My passion for diversity and inclusion emerged in the role of family nurse practitioner, serving various patient populations in underserved, rural areas in Mississippi. During this time, the belief that “no patient is noncompliant” was attained. It is crucial for healthcare professionals to remove bias towards patients that appear to be noncompliant. Healthcare services should reflect individualization based on a patient’s circumstances and uncover means of improving their health outcomes. This motto continues today for any population that I service including students, faculty and staff.

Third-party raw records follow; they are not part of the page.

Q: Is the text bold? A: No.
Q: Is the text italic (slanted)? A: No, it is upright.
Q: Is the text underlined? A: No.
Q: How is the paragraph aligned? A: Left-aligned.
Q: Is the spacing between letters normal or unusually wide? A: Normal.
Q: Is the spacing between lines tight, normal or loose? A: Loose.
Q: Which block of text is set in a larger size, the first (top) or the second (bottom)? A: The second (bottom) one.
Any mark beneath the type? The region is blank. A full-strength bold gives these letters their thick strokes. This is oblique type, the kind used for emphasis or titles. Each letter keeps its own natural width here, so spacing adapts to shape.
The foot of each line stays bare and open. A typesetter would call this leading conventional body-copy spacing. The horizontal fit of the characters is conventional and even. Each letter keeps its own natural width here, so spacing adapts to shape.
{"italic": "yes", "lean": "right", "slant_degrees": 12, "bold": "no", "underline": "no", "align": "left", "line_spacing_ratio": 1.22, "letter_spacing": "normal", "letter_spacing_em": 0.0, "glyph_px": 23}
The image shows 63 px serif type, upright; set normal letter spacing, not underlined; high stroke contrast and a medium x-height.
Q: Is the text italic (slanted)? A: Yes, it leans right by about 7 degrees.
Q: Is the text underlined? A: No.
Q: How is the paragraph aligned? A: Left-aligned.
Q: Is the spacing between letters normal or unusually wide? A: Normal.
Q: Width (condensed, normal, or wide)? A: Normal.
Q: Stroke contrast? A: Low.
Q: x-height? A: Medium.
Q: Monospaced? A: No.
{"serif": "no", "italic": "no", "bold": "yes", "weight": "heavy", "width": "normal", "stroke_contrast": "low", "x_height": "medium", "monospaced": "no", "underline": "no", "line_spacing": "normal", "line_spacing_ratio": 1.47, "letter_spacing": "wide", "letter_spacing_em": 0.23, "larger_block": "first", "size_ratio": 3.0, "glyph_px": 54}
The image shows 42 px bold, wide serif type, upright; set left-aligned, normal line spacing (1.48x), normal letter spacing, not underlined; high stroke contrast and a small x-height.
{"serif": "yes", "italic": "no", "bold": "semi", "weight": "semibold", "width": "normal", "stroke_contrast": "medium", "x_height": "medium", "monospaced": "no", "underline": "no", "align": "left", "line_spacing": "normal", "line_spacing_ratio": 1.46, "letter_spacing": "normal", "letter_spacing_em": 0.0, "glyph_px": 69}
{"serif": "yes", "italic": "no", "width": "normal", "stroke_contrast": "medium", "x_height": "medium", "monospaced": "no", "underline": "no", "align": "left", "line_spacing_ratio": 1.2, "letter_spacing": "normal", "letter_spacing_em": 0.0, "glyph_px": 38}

Diversity, equity, and inclusion are the keys to the future success of the health care delivery system and the improvement of health outcomes for minority and underserved populations. All perspectives need a voice. I have always been willing to be that voice.
Membership in the American Association of Colleges of Nursing Essentials Task Force further strengthens this passion as I am on the frontline of nursing education addressing issues of health disparities and inequities that exist in our nation.

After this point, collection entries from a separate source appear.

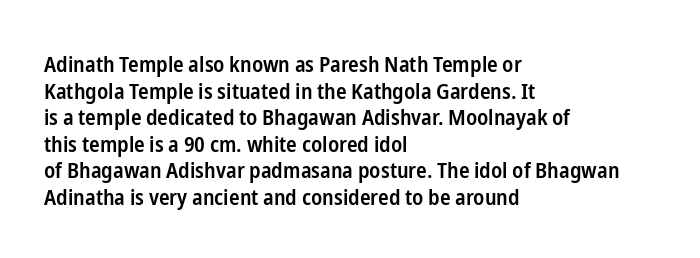
No word sits above an underline. The setting favours the left margin, as ordinary paragraphs usually do. This is the in-between weight designers call semibold or demi. This is the regular roman posture of the typeface. Observe the ordinary spacing: letters are neighbours, not strangers.
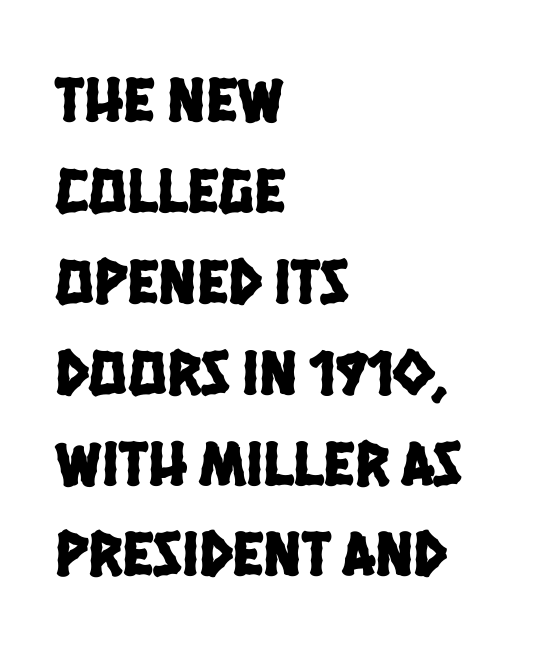
{"serif": "no", "width": "condensed", "stroke_contrast": "low", "x_height": "large", "monospaced": "no", "underline": "no", "align": "left", "line_spacing": "normal", "line_spacing_ratio": 1.42, "letter_spacing": "normal", "letter_spacing_em": 0.0, "glyph_px": 64}
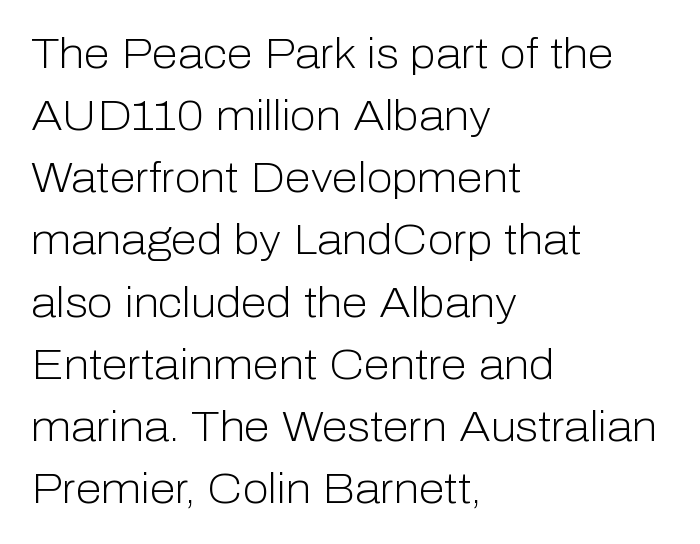
The image shows 42 px light sans-serif type, upright; set left-aligned, normal line spacing (1.48x), normal letter spacing, not underlined; low stroke contrast and a medium x-height.
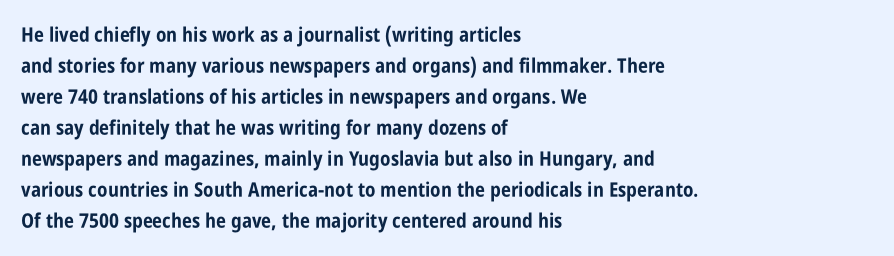
This is heavy type, rendered in bold. No extra tracking has been applied to these lines. The lines in this sample share a left origin and differ only in where they stop. A typesetter would call this leading conventional body-copy spacing. The typography opts for an upright posture over an oblique one. No word sits above an underline.
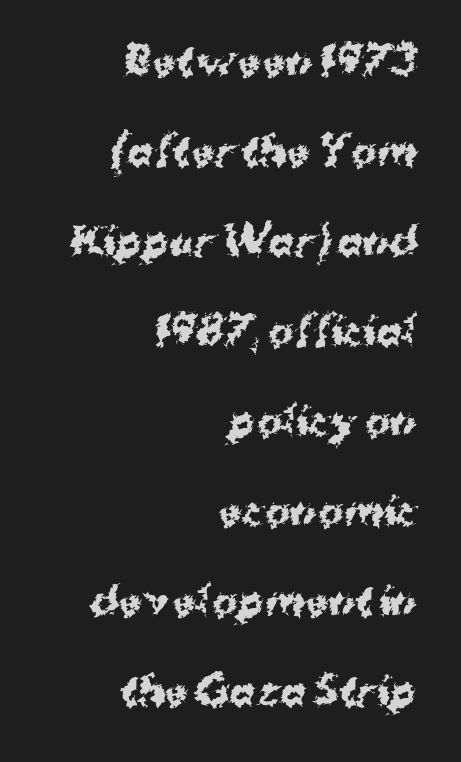
Q: Is the text bold? A: Yes.
Q: Is the text italic (slanted)? A: Yes.
Q: Is the typeface a serif or a sans-serif typeface? A: Sans-serif.
Q: Is the text underlined? A: No.
Q: How is the paragraph aligned? A: Right-aligned.
Q: Is the spacing between letters normal or unusually wide? A: Normal.
Q: Is the spacing between lines tight, normal or loose? A: Loose.
Q: Width (condensed, normal, or wide)? A: Normal.
Q: Stroke contrast? A: Medium.
Q: x-height? A: Medium.
Q: Monospaced? A: No.
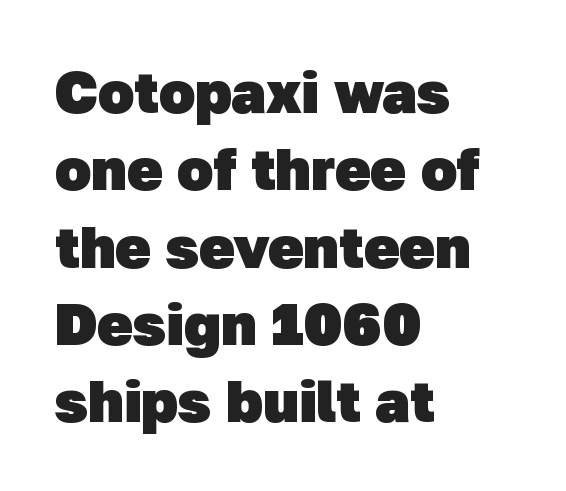
Q: Is the text bold? A: Yes.
Q: Is the typeface a serif or a sans-serif typeface? A: Sans-serif.
Q: Is the text underlined? A: No.
Q: How is the paragraph aligned? A: Left-aligned.
Q: Is the spacing between letters normal or unusually wide? A: Normal.
Q: Is the spacing between lines tight, normal or loose? A: Normal.
Q: Width (condensed, normal, or wide)? A: Normal.
Q: Stroke contrast? A: Low.
Q: x-height? A: Medium.
Q: Monospaced? A: No.
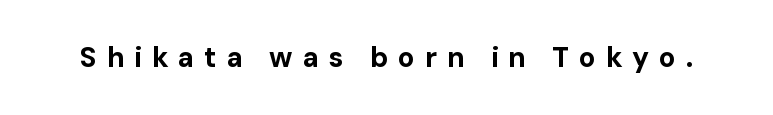
The image shows 28 px bold sans-serif type, upright; set unusually wide letter spacing (+0.35 em), not underlined; low stroke contrast and a medium x-height.

How do you define diversity and inclusion at Frontier Nursing University?
FNU encompasses an atmosphere built on a culture of caring, with a mission to promote diversity, equity, and inclusion. FNU elicits the equitable perspectives of students, faculty, and staff regardless of race, gender, sexual preference or identity, disability and/or religion. FNU’s goal is to improve health outcomes through the production of conscious, competent nurse-midwives and nurse practitioners in underserved and rural areas across the U.S.
FNU is a national leader in diversity, equity, and inclusion and a two-time winner of the INSIGHT Into Diversity Higher Education Excellence in Diversity Award 2018 and 2019.
What are you most excited about with your new position?
I have been involved with diversity, equity, and inclusion efforts in the background for many years. Now, I have the opportunity to propel this role forward in my influential nursing career as the Chief Diversity and Inclusion Officer at FNU. In this role, I can expand the impact of diversity, equity, and inclusion efforts at FNU to improve the health outcomes of diverse patient populations in underserved and rural areas in the U.S.
What strategies do you feel will have the most positive impact on the FNU community?
Administration is tremendously supportive of diversity, equity, and inclusion initiatives at FNU. This support transcends the level of comfort needed to productively perform in the role of Chief Diversity and Inclusion Officer. Embodying transformational leadership characteristics, implementing the team-based approach to confronting diversity, equity, and inclusion issues, and soliciting the perspectives of students, faculty, and staff will be instrumental in disseminating a powerful culture of diversity, equity, and inclusion at FNU. This approach will also ensure the direct involvement and ownership of the entire FNU community in the continuous transformation process.
What are the biggest challenges that you will face in your new role?
As the Chief Diversity and Inclusion Officer, I expect the following challenges:
- Upholding accountability for implicit bias in the FNU community
- Increasing the integration of atypical, diverse populations and perspectives into the FNU community
- Providing support for the changes
These challenges are expected to resolve as constituents become more informed and proactive within the diverse and inclusive FNU community.
What is a fun fact about you?
I love to travel! I have been to Washington, D.C., approximately 10 times in the past three years for the purpose of advancing the nursing profession. I feel like D.C. is my home away from home.